Is there a Spanish version of The AA or The RAC? I am of course talking about car breakdown cover, Google now thinks I'm an alcoholic and need help in Spain, so the pop ups for AA groups and self-help books have started!

Cheers!


----------



## Catalunya22 (Apr 25, 2020)

Not sure. I think most people have it as part of their car insurance, but someone on here will be able to tell you.


----------



## Megsmum (Sep 9, 2012)

A agree with above, by law your insurance policy has to include breakdown cover etc so I’m presuming, and it’s only as assumption, that there is no need for the likes of the AA.


----------



## Alcalaina (Aug 6, 2010)

The equivalent is RACE, which costs from €16.50 a month and offers additional benefits to your standard insurance policy. Don't know anyone who is a member though.

https://www.race.es/


----------



## KennyM (Jun 25, 2020)

Megsmum said:


> A agree with above, by law your insurance policy has to include breakdown cover etc so I’m presuming, and it’s only as assumption, that there is no need for the likes of the AA.

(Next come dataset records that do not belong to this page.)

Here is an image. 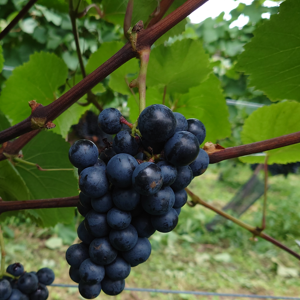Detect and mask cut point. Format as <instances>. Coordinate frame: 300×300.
Masks as SVG:
<instances>
[{
  "label": "cut point",
  "instance_id": "obj_1",
  "mask_svg": "<svg viewBox=\"0 0 300 300\" xmlns=\"http://www.w3.org/2000/svg\"><path fill=\"white\" fill-rule=\"evenodd\" d=\"M151 46L147 45L138 51L140 57V73L139 77L132 80L129 84L130 88H139V114L145 108V81H146V67L149 61Z\"/></svg>",
  "mask_w": 300,
  "mask_h": 300
}]
</instances>
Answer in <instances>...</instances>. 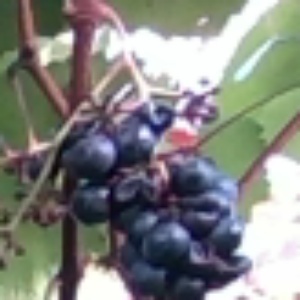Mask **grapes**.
<instances>
[{"label":"grapes","instance_id":"obj_1","mask_svg":"<svg viewBox=\"0 0 300 300\" xmlns=\"http://www.w3.org/2000/svg\"><path fill=\"white\" fill-rule=\"evenodd\" d=\"M174 109L123 117L107 131H75L62 142L60 159L75 177L72 214L82 224L110 219L126 234L119 274L137 300H204L248 272L247 254L231 255L245 228L232 216L240 184L197 150L154 160Z\"/></svg>","mask_w":300,"mask_h":300}]
</instances>
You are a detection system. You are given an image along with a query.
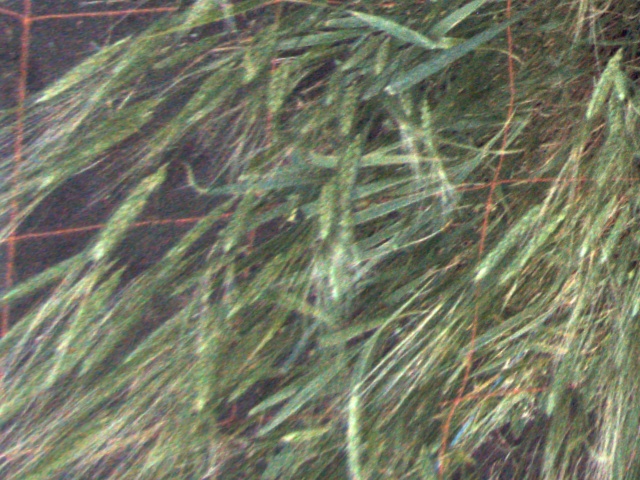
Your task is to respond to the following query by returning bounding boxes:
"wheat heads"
[580,198,608,249]
[252,33,282,76]
[507,212,565,281]
[325,318,383,347]
[347,398,363,466]
[339,138,361,200]
[225,188,253,248]
[160,37,218,66]
[394,70,412,110]
[472,208,545,279]
[23,412,130,479]
[11,250,81,297]
[243,166,295,179]
[185,0,217,23]
[230,360,277,401]
[588,50,624,109]
[234,252,294,315]
[378,37,393,74]
[284,432,328,445]
[604,211,630,260]
[58,271,119,340]
[75,105,154,167]
[249,201,293,225]
[340,212,351,247]
[46,39,125,97]
[339,36,373,70]
[328,263,345,301]
[266,60,298,108]
[177,195,234,252]
[317,183,337,230]
[595,122,621,177]
[419,102,437,142]
[548,361,571,408]
[91,173,166,261]
[339,86,360,134]
[185,68,225,116]
[196,308,223,408]
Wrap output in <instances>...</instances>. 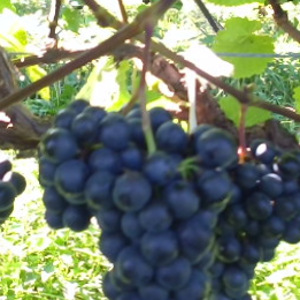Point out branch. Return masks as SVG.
Segmentation results:
<instances>
[{
    "label": "branch",
    "mask_w": 300,
    "mask_h": 300,
    "mask_svg": "<svg viewBox=\"0 0 300 300\" xmlns=\"http://www.w3.org/2000/svg\"><path fill=\"white\" fill-rule=\"evenodd\" d=\"M84 4L92 10L98 24L101 27L108 26L116 29L119 33L113 35L105 42H102L100 46L95 49H92L64 64L62 67L47 76H44L37 81L4 96L0 100L1 108H7L9 105L21 100L22 98L30 96L50 84L59 81L83 65L109 53L111 49L124 42L127 38L134 37L137 41H143L145 39V34L142 31L151 26L152 23H154L159 16L164 13V10L170 6V0H161L158 3L151 5L139 13L133 20V23L129 26L121 20L116 19L107 9L101 7L97 0H84Z\"/></svg>",
    "instance_id": "branch-1"
},
{
    "label": "branch",
    "mask_w": 300,
    "mask_h": 300,
    "mask_svg": "<svg viewBox=\"0 0 300 300\" xmlns=\"http://www.w3.org/2000/svg\"><path fill=\"white\" fill-rule=\"evenodd\" d=\"M152 48L158 50L159 52L169 56L174 61L178 62L183 67H187L188 69L192 70L193 72L197 73V75L205 80L210 81L217 87L225 90L226 92L232 94L239 102V104L253 106V107H260L264 108L269 111H273L276 114L285 115L286 117L294 120L295 122H300V115L297 113L288 110L280 105L271 104L269 102L259 100L251 93L254 89L252 84H249L247 87L240 91L239 89L227 84L226 82L220 80L216 76L204 71L201 67L196 65L193 62H188L185 58L175 53L170 48L165 47L161 43L156 41H152Z\"/></svg>",
    "instance_id": "branch-2"
}]
</instances>

That's actually quite a good addition to your insurance policy


----------



## Megsmum (Sep 9, 2012)

KennyM said:


> That's actually quite a good addition to your insurance policy


It is. No need for extra cover from anywhere else


----------



## trotter58 (Feb 8, 2017)

KennyM said:


> Is there a Spanish version of The AA or The RAC? I am of course talking about car breakdown cover, Google now thinks I'm an alcoholic and need help in Spain, so the pop ups for AA groups and self-help books have started!
> 
> Cheers!


Most Spanish insurance include breakdown as standard. Some Spanish insurance will cover UK registered cars and cover will appear on UK MiB.


----------



## fortrose52 (Nov 29, 2018)

I only recently noticed that the breakdown cover on my car insurance was limited. So I now pay an extra £6.50 per month for the full nationwide, courtesy car bla bla extra stuff so worth the money. Check that your insurance breakdown covers everything you want


----------